**Task to complete**
Every line of the material needs an exact copy, apart from the images.

START Information given

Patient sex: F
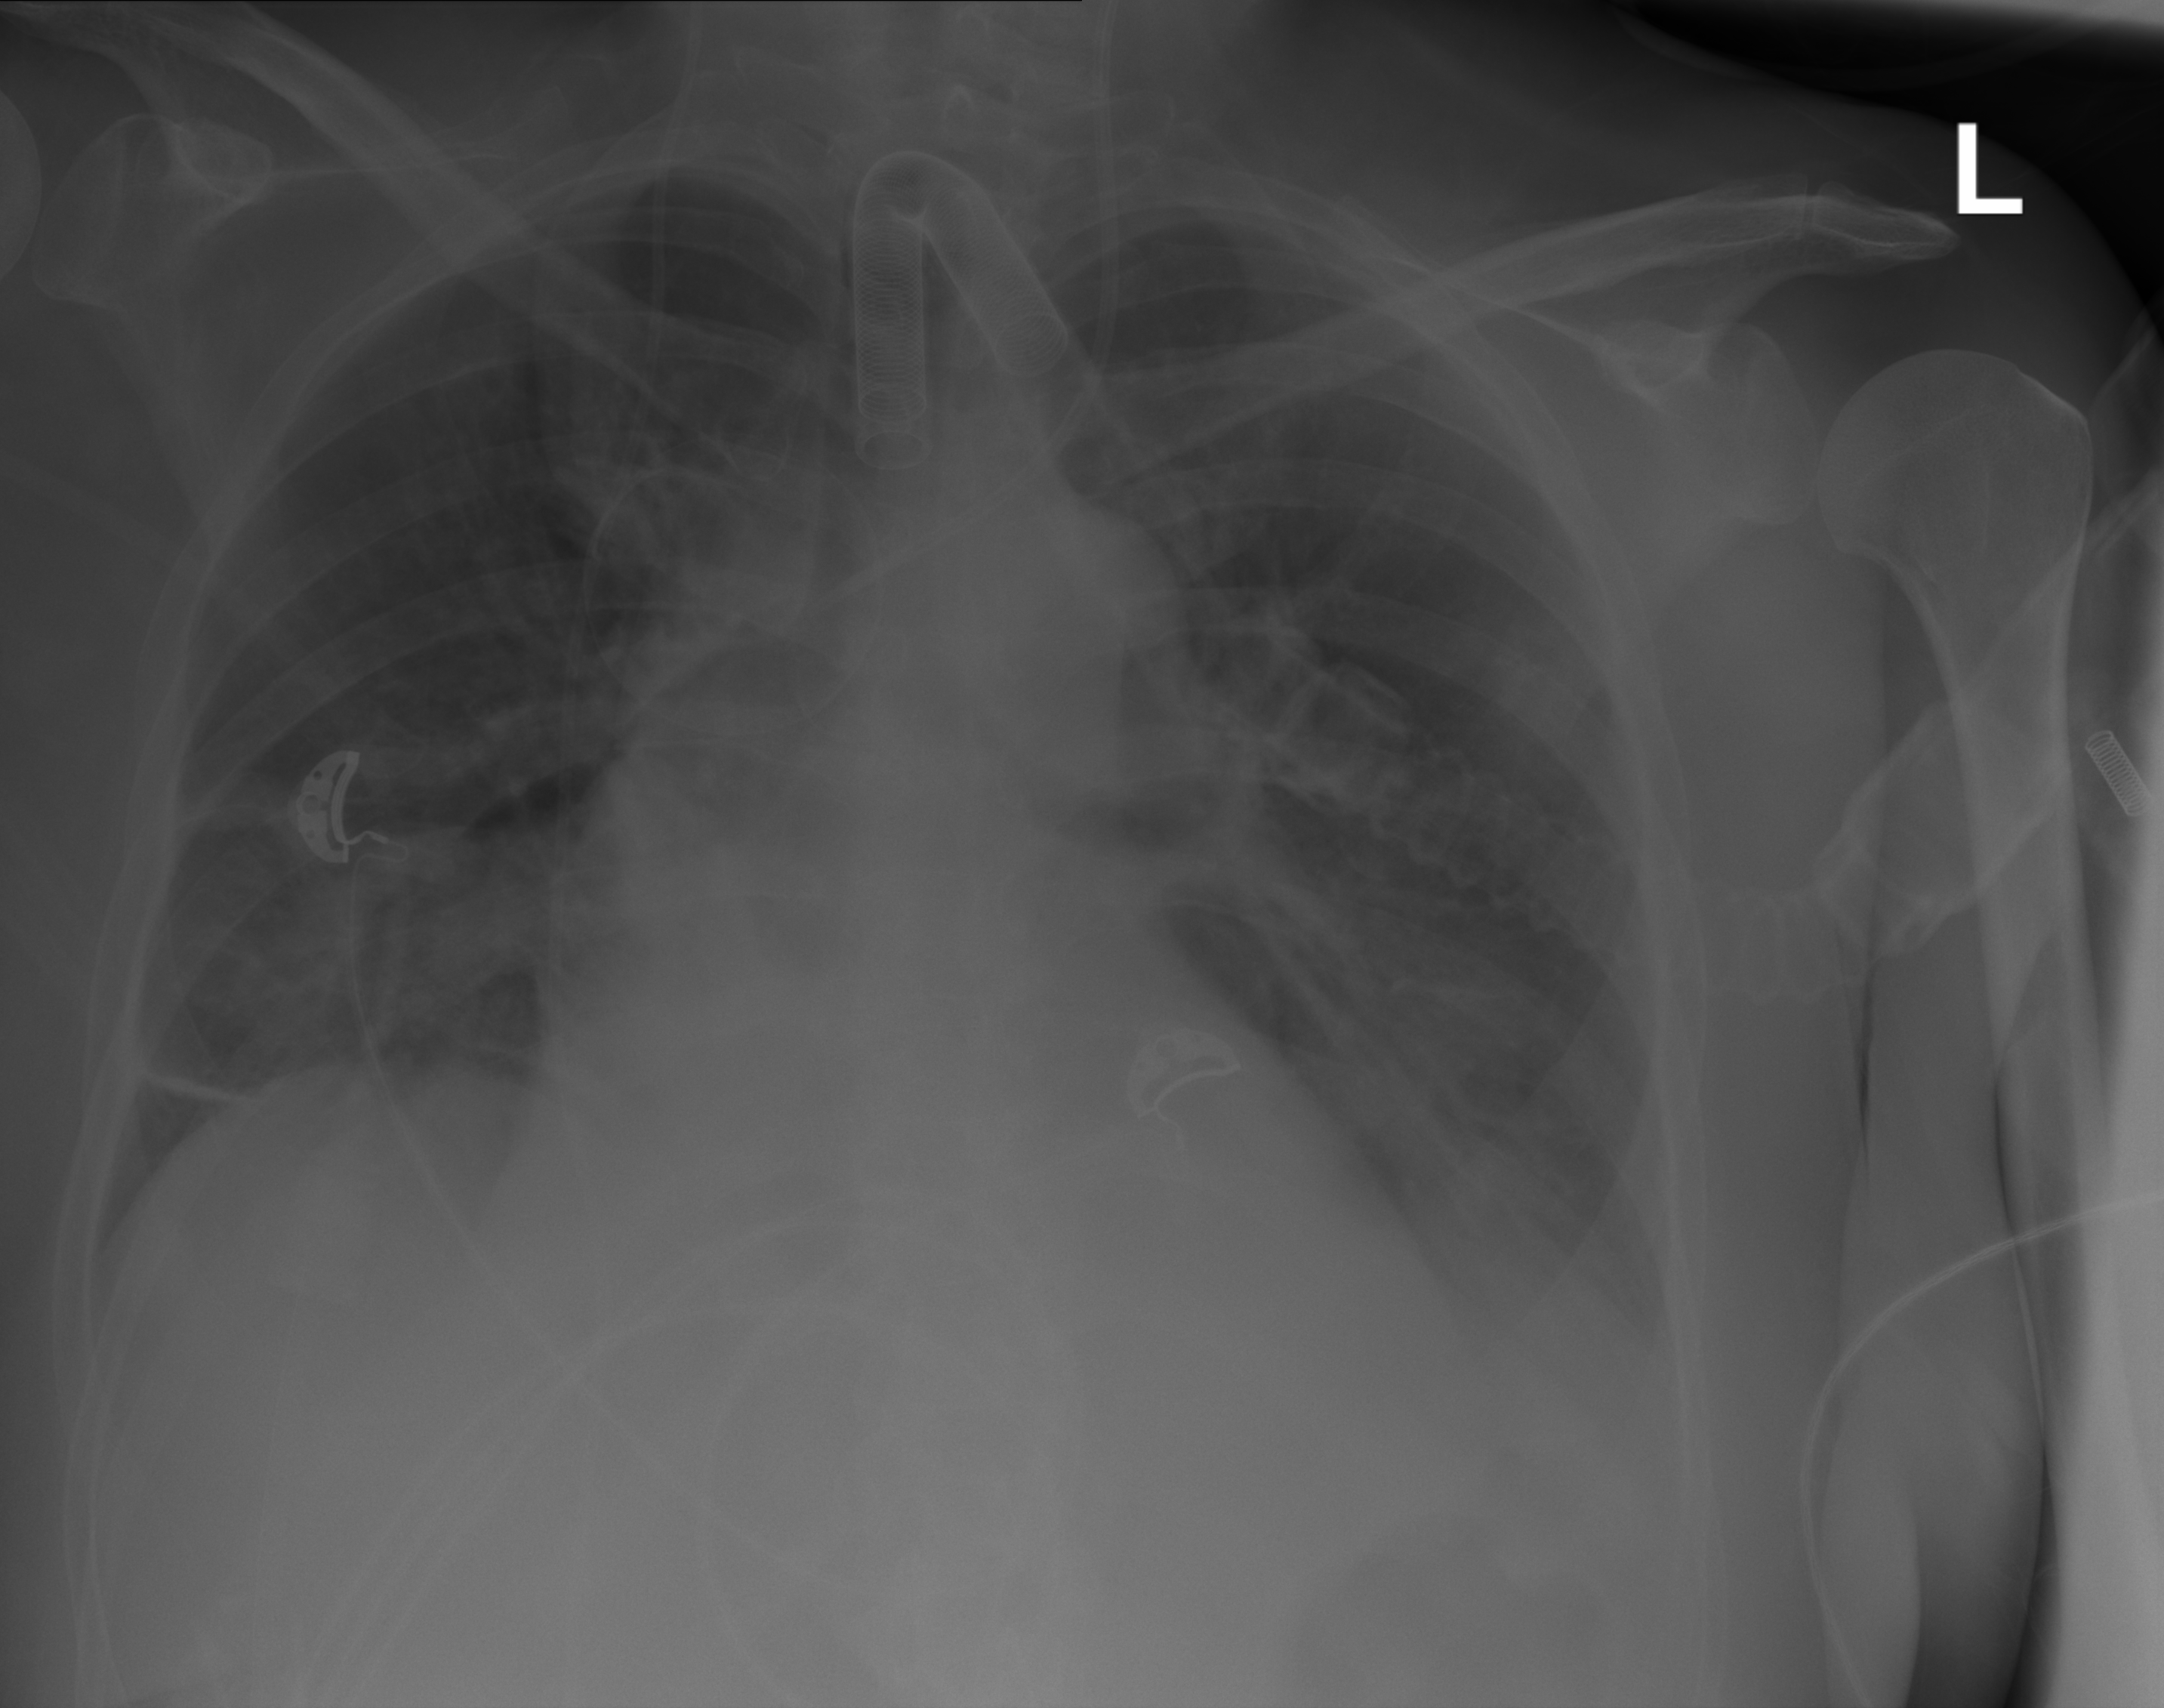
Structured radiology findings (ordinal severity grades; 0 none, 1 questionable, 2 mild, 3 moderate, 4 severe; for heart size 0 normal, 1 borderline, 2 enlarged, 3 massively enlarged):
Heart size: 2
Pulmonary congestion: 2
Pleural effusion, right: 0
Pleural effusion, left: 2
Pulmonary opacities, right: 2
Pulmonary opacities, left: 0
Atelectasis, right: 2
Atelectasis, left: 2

END Information given

**Exercise response**
Patient sex: F
Structured radiology findings (ordinal severity grades; 0 none, 1 questionable, 2 mild, 3 moderate, 4 severe; for heart size 0 normal, 1 borderline, 2 enlarged, 3 massively enlarged):
Heart size: 2
Pulmonary congestion: 2
Pleural effusion, right: 0
Pleural effusion, left: 2
Pulmonary opacities, right: 2
Pulmonary opacities, left: 0
Atelectasis, right: 2
Atelectasis, left: 2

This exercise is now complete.